Functions do have a notion of identity: f is equal to g means that f and g are defined on the same domain D, and for all x in D, (f x) is equal to (g x). This definition of identity is not effective when D is infinite, but that is just the nature of things.
It is hard to say many interesting things about functions in general. One typically introduces restrictions which impose structure, say by talking about linear functions, differentiable functions, computable functions, etc. We could restrict ourselves to functions with finite domains and so retain an effective (that is, guaranteed to terminate) notion of functional equality, but that seems a bit drastic. Or one can try for more fine-grained distinctions, say between data and codata. You might enjoy taking a look at http://blog.sigfpe.com/2007/07/data-and-codata.html.
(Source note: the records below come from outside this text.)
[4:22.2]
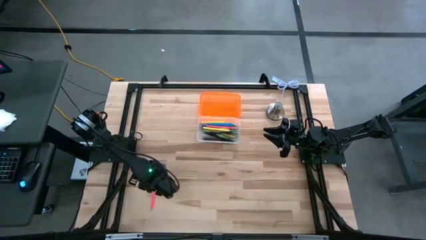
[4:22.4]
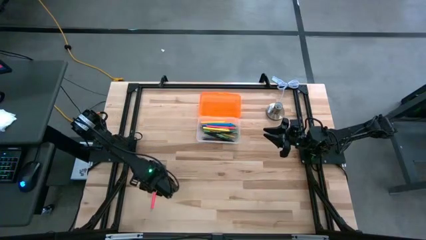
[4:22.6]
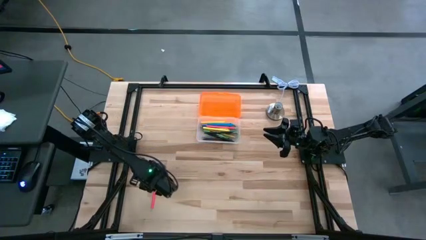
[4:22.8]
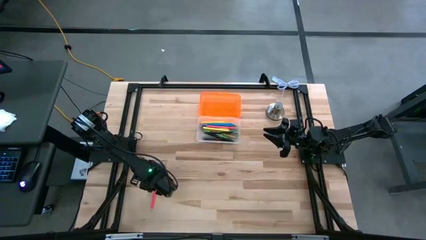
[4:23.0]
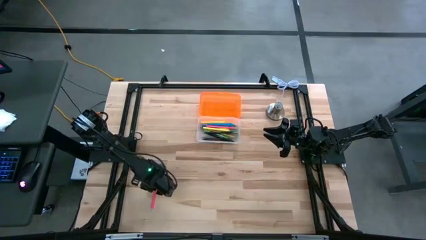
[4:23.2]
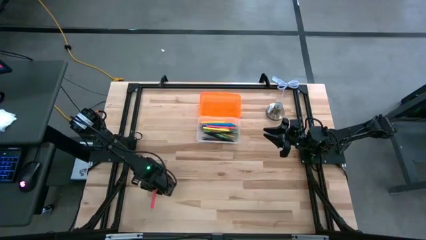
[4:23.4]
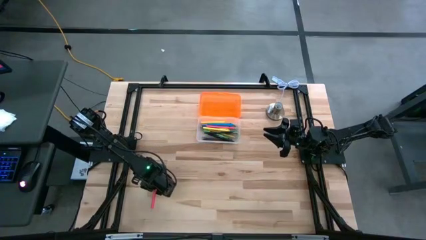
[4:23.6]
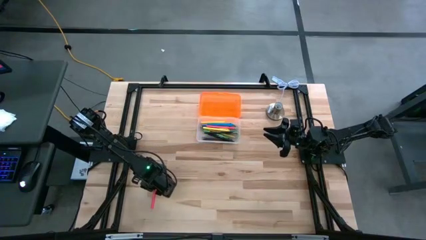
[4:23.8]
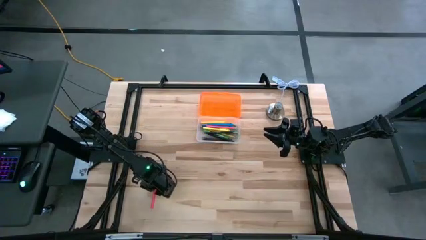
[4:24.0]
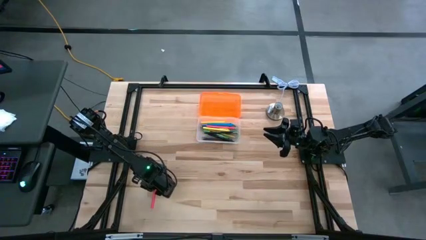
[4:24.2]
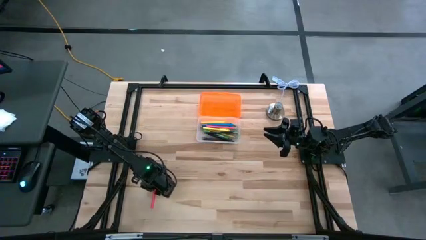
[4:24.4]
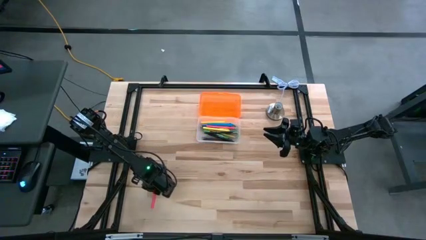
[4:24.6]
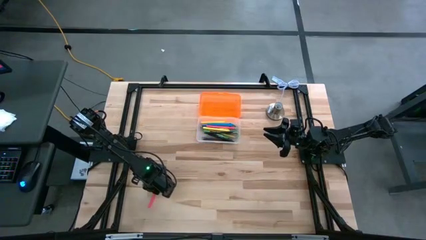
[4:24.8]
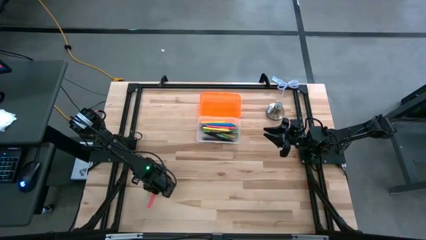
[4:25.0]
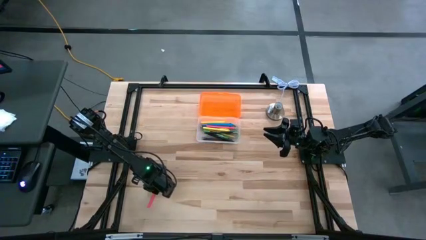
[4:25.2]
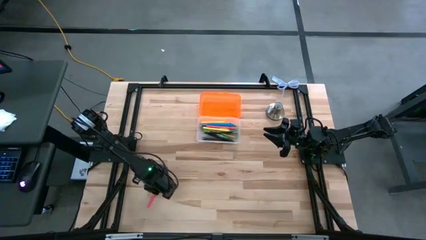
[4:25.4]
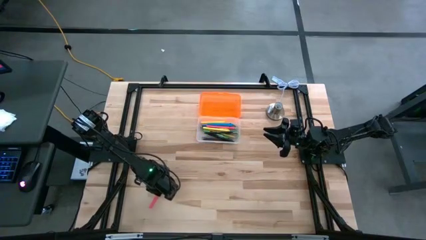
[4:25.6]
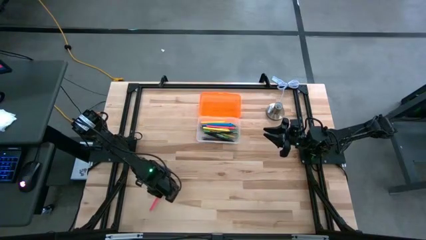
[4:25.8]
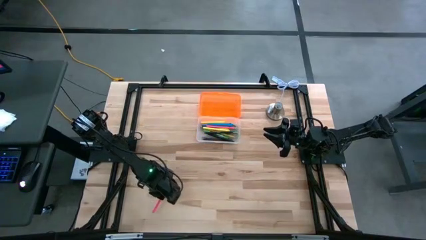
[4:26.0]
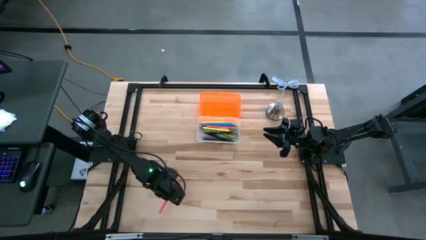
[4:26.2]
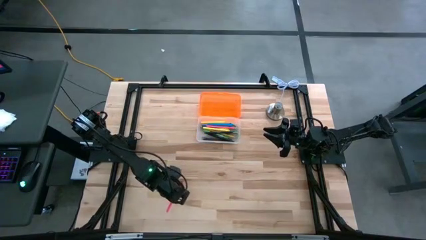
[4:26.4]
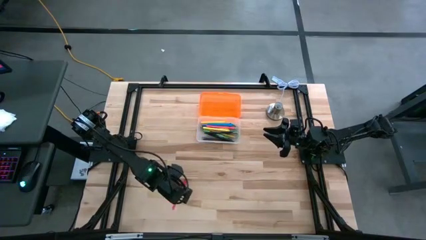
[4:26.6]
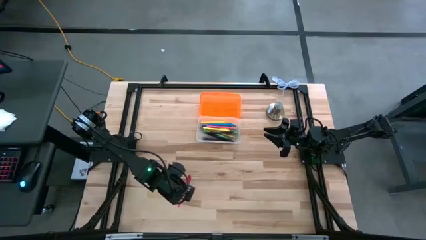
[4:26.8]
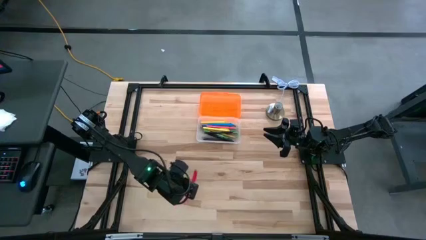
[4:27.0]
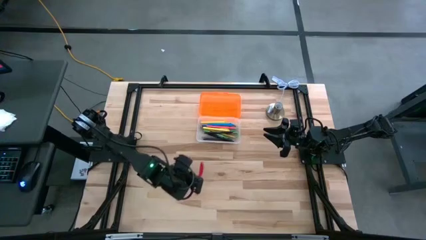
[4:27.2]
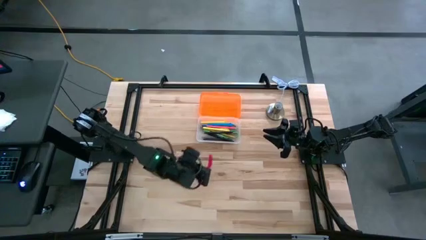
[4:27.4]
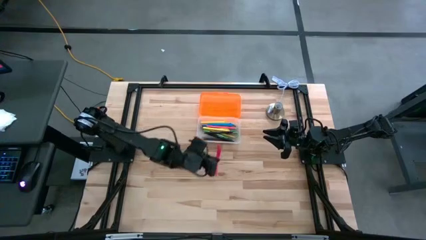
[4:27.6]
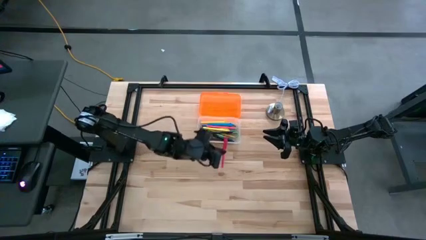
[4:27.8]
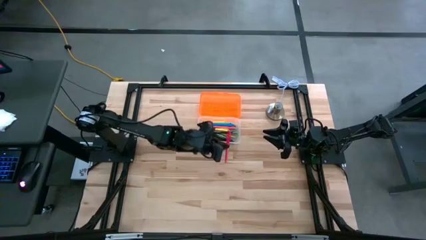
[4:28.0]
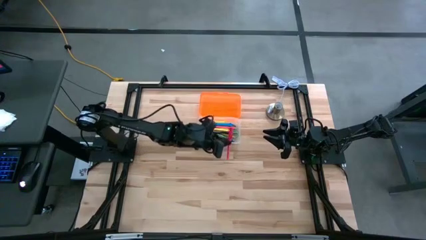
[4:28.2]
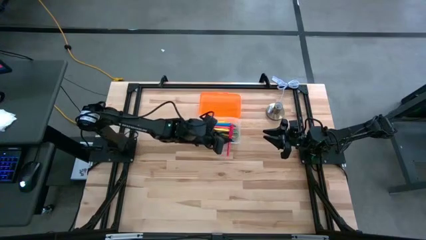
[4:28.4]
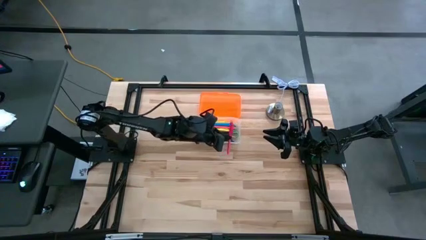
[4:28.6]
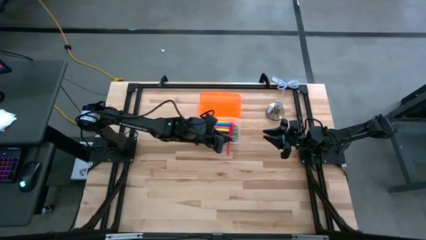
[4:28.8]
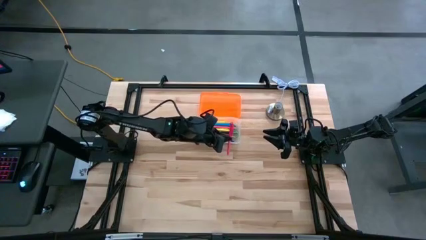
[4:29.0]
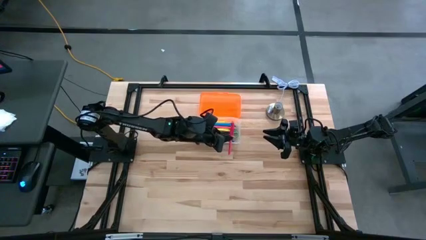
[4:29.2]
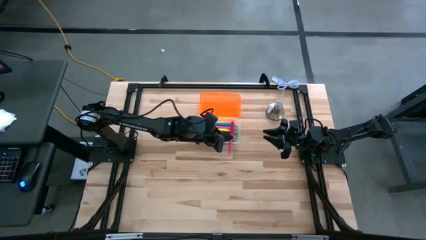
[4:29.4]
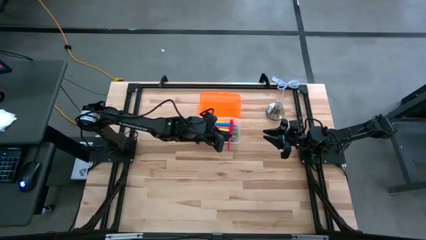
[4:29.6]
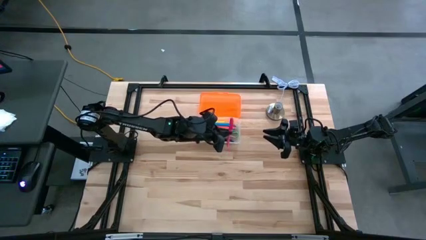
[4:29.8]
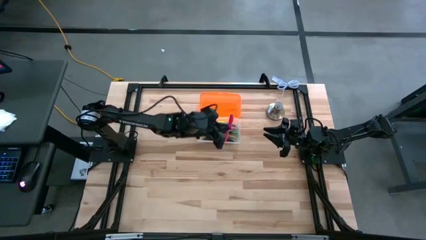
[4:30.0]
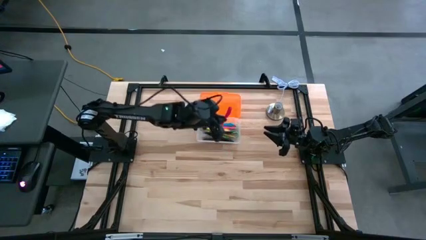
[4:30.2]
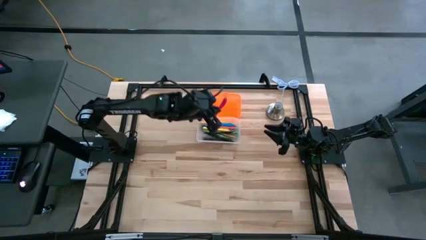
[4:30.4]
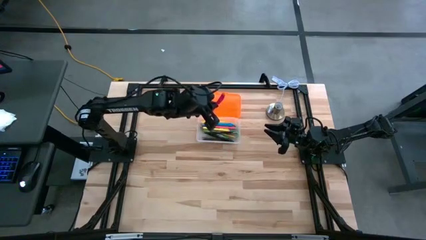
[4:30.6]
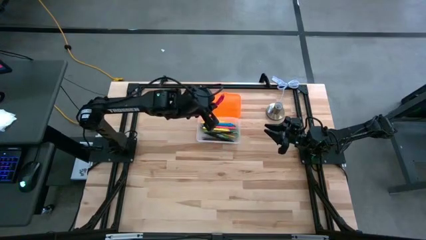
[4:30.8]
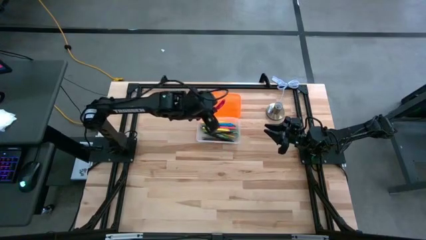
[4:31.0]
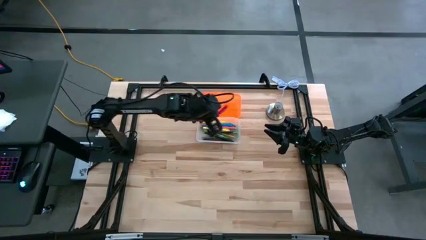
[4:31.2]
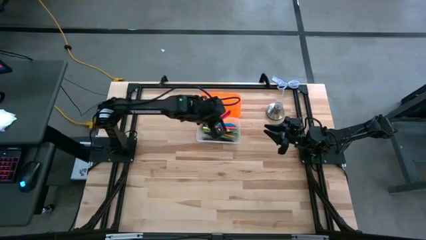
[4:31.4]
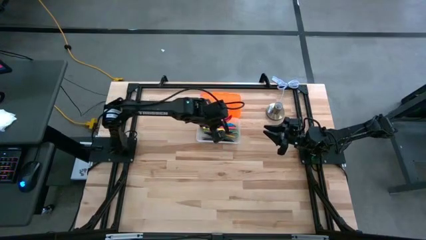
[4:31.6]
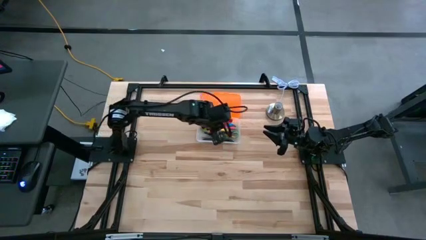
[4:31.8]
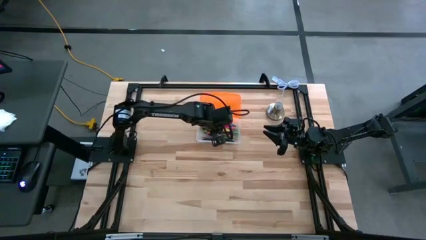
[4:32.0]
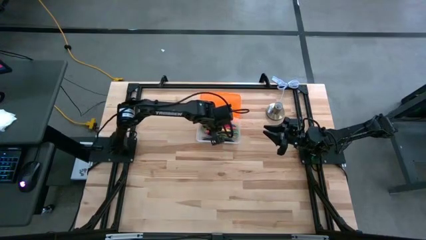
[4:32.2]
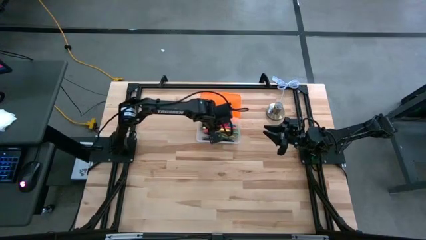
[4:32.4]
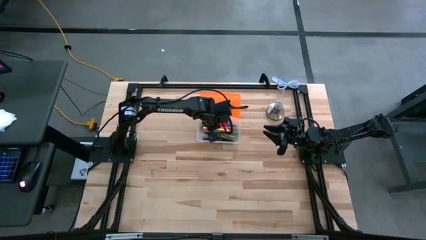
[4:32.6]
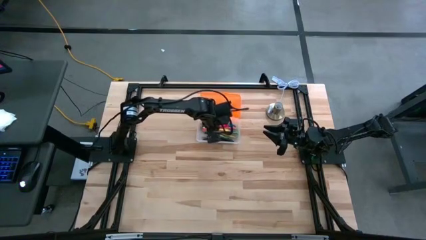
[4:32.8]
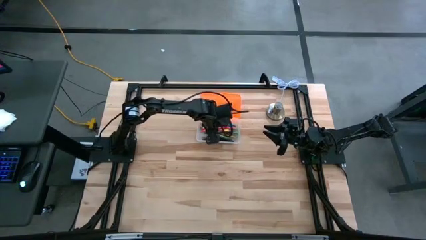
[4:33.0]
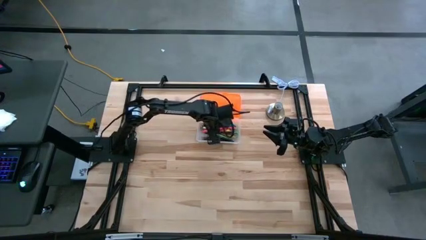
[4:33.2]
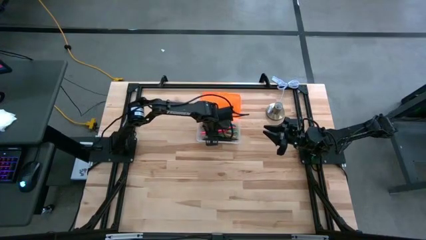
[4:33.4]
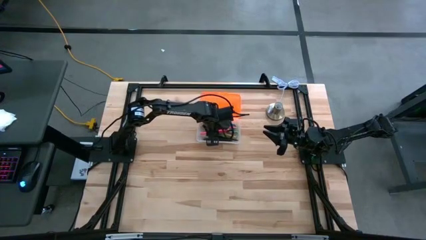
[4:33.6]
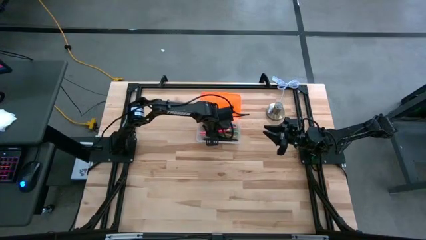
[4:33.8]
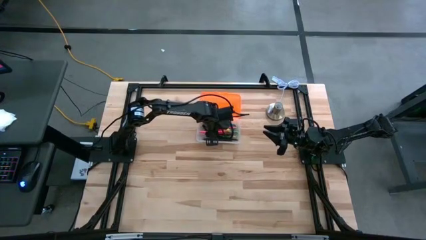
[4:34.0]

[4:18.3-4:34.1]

I think that's the point: (comp f g) is not "creating", while (define f (lambda ...)) must be. FLP does not allow the latter.
Backus compares unrestricted lambda calculus to unrestricted flow control. Consider "functions as values" - what does this actually mean? If functions are values, why can't they be compared for equality, or even carry a useful notion of identity?
Consider also the composition of functions in the lambda calculus. This mechanism allows one to "create" new values of ambiguous identity. What can it possibly mean to "create" a value? Functions taking and returning scalars suffer no such ambiguity.
Backus solves these aberrations by categorizing higher order functions as Functional Forms, in a class separate from Functions. Functional Forms take and return only Functions. Functions take and return only Atoms, or the set of values that are neither Functional Forms nor Functions.
This dichotomy makes programs written in function-level style "confluent" - fragments of function-level programs can be meaningfully compared for equality, avoiding the halting problem introduced when comparing regular unrestricted functional programs.